We are asked to compute the Hilbert function of two non-intersecting lines in $\mathbb{P}^3$. I'm not sure where to start here. Any hints or even a sketch of a full solution would be greatly appreciated.
In general, how do we go about finding the Hilbert function of lines in the projective space of arbitrary dimensions? I was thinking about finding an ideal that generates the lines and then computing the function normally by counting the number of monomials in the coordinate ring but not in the ideal. What is the most efficient way to do this? Let me know if you need any more context.

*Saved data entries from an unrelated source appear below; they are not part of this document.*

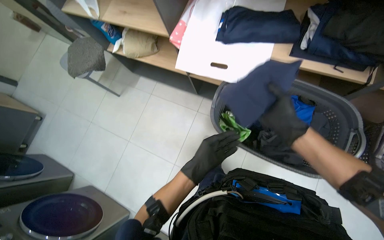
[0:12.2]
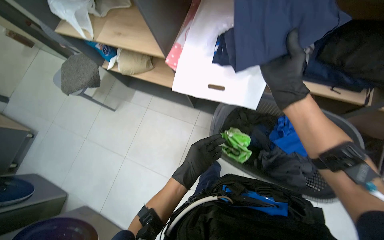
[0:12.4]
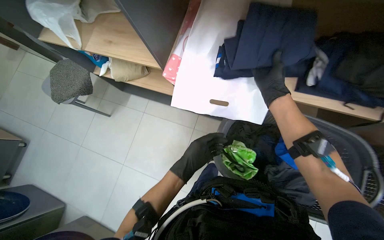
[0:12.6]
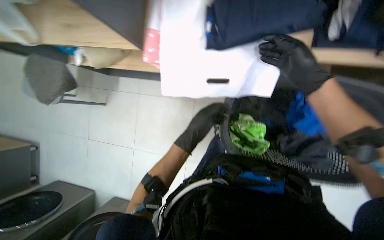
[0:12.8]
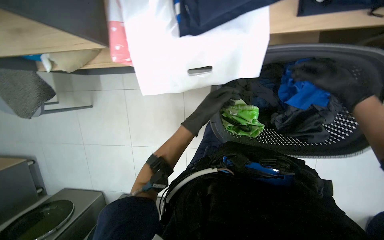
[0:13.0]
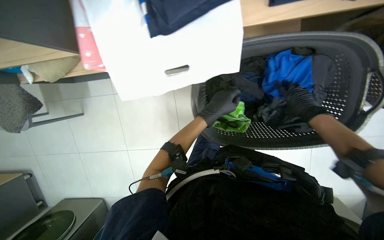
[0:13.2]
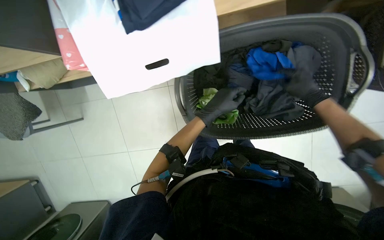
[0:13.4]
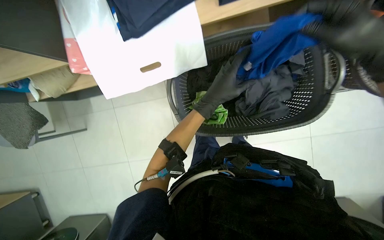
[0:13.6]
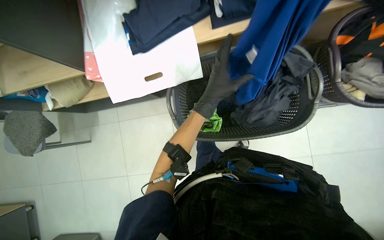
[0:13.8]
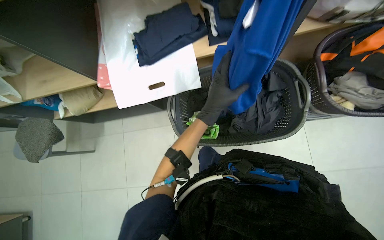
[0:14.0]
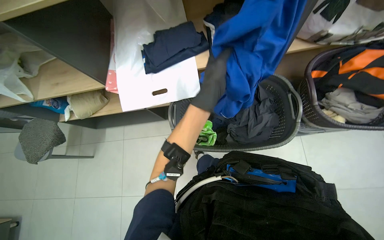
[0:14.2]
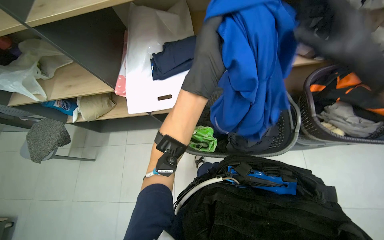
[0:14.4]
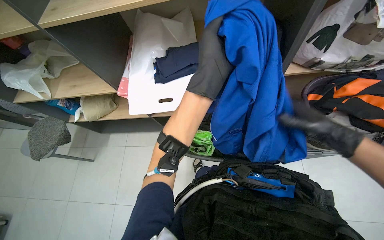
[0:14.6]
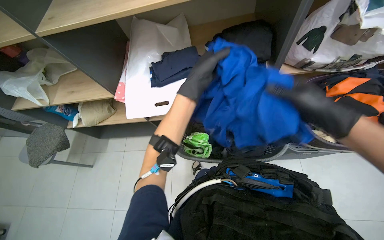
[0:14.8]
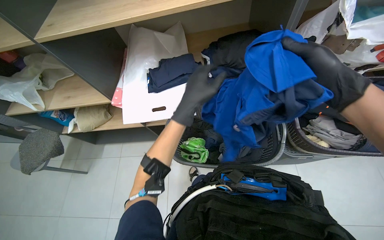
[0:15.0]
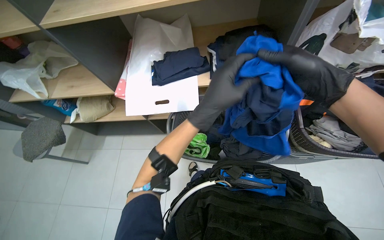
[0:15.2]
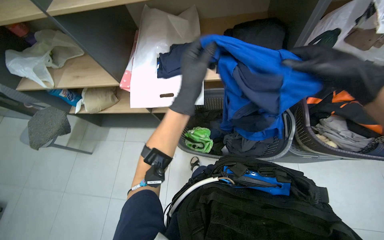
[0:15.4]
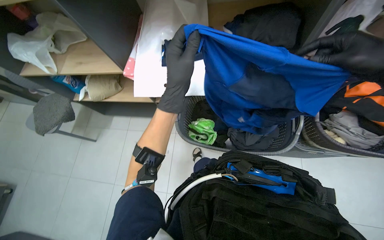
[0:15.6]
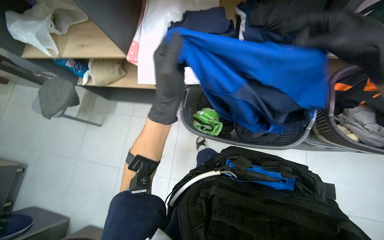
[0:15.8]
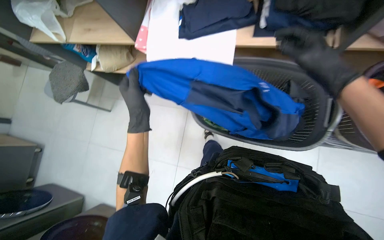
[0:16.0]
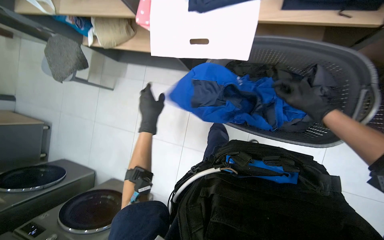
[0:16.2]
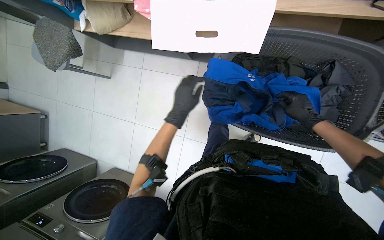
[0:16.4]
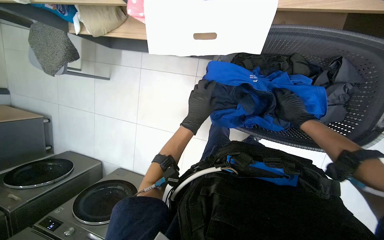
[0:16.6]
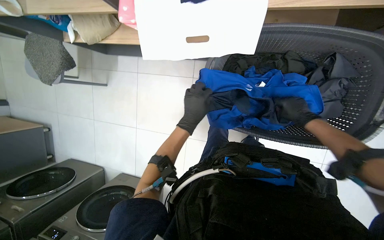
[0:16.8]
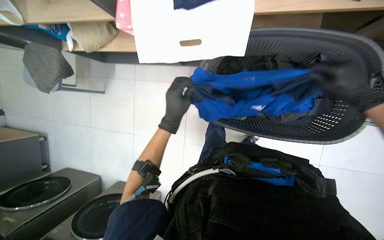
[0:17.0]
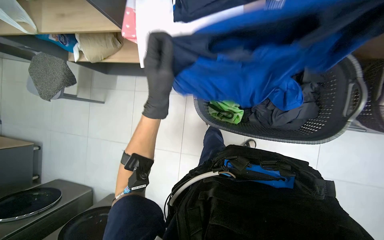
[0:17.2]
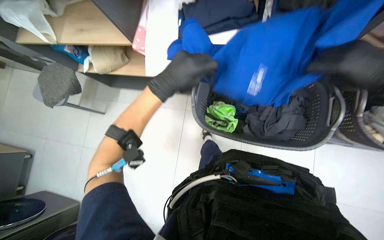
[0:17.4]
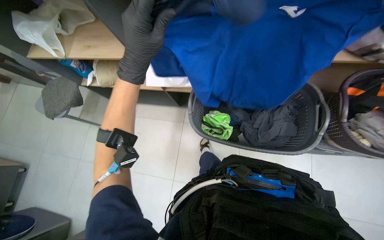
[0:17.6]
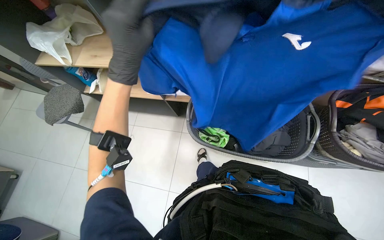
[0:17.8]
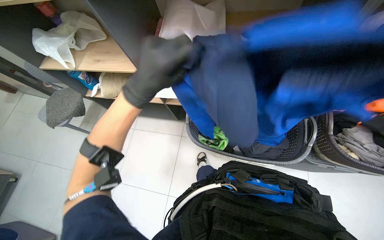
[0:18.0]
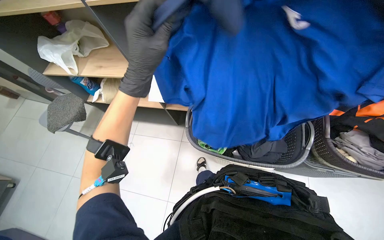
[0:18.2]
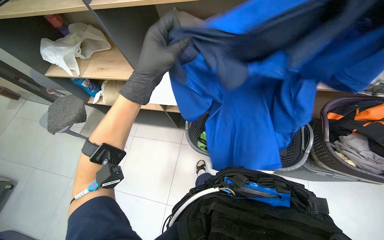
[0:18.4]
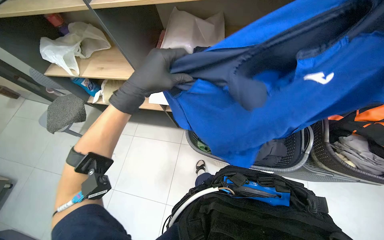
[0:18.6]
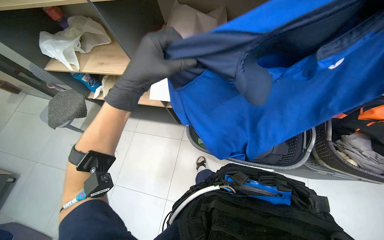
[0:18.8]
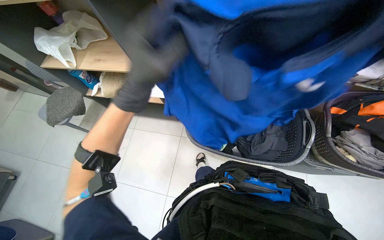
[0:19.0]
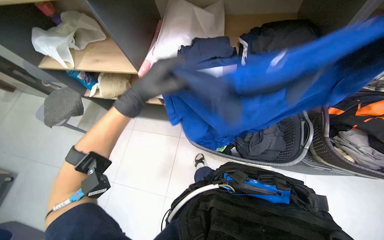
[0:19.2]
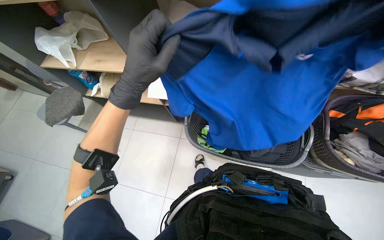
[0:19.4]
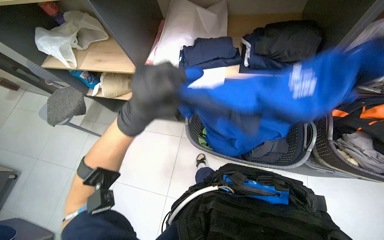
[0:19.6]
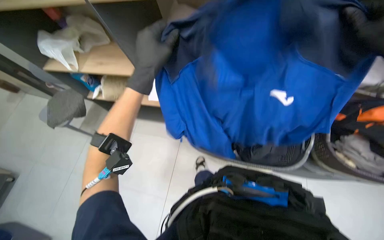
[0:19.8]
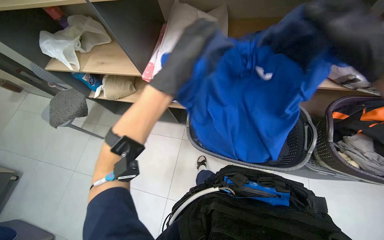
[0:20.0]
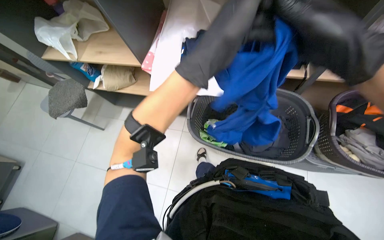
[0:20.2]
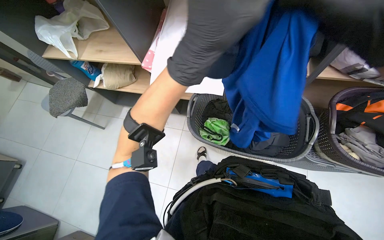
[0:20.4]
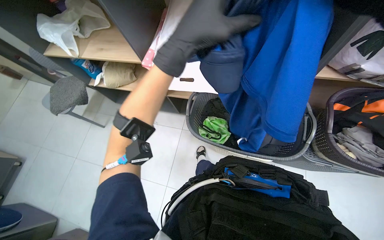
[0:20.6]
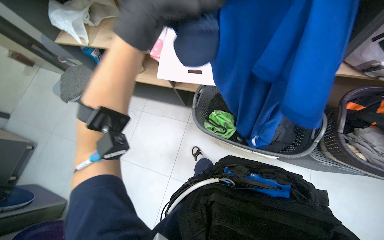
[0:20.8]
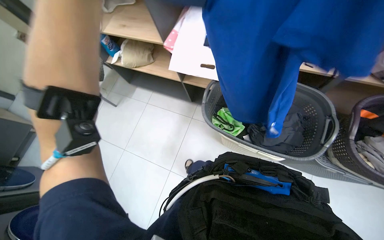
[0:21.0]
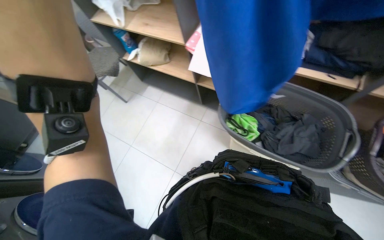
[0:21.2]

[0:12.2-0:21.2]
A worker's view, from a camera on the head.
Job: managing laundry.
The whole recording: Folding and sorting laundry. The worker folds various garments and places them into a basket, bag, or onto a shelf.
0:12.2 to 0:13.8: The scene rotates counterclockwise by roughly 35 degrees.
0:13.8 to 0:15.2: The view tilts some 20 degrees upward.
0:15.2 to 0:16.6: The view tips downward by roughly 35 degrees. The left hand goes roughly 30 cm farther from the camera.
0:16.6 to 0:18.2: The camera pitches upward, by about 35 degrees. The left hand shifts about 40 cm nearer to the camera.

Take the two lines to be $ x=y=0 $ and $ z=w=0 $ WLOG. (The general case is exactly the same) Then the ideal of the two lines is $ J = (xz,xw,yz,yw) $ and now let's count monomials of degree $ d $ in $ \mathbb{C}[x,y,z,w]/J $ as you suggested. The only surviving monomials are $ x^d, y^d, z^d, w^d $ and $ x^ay^b, z^aw^b $ with $ a+b = d, a,b > 0 $. This is a count of $ 4 + 2(d-1) = 2d+2 $. So the Hilbert polynomial is $ p(t) = 2(t + 1) $ which is the right answer because it's twice the Hilbert polynomial of a line.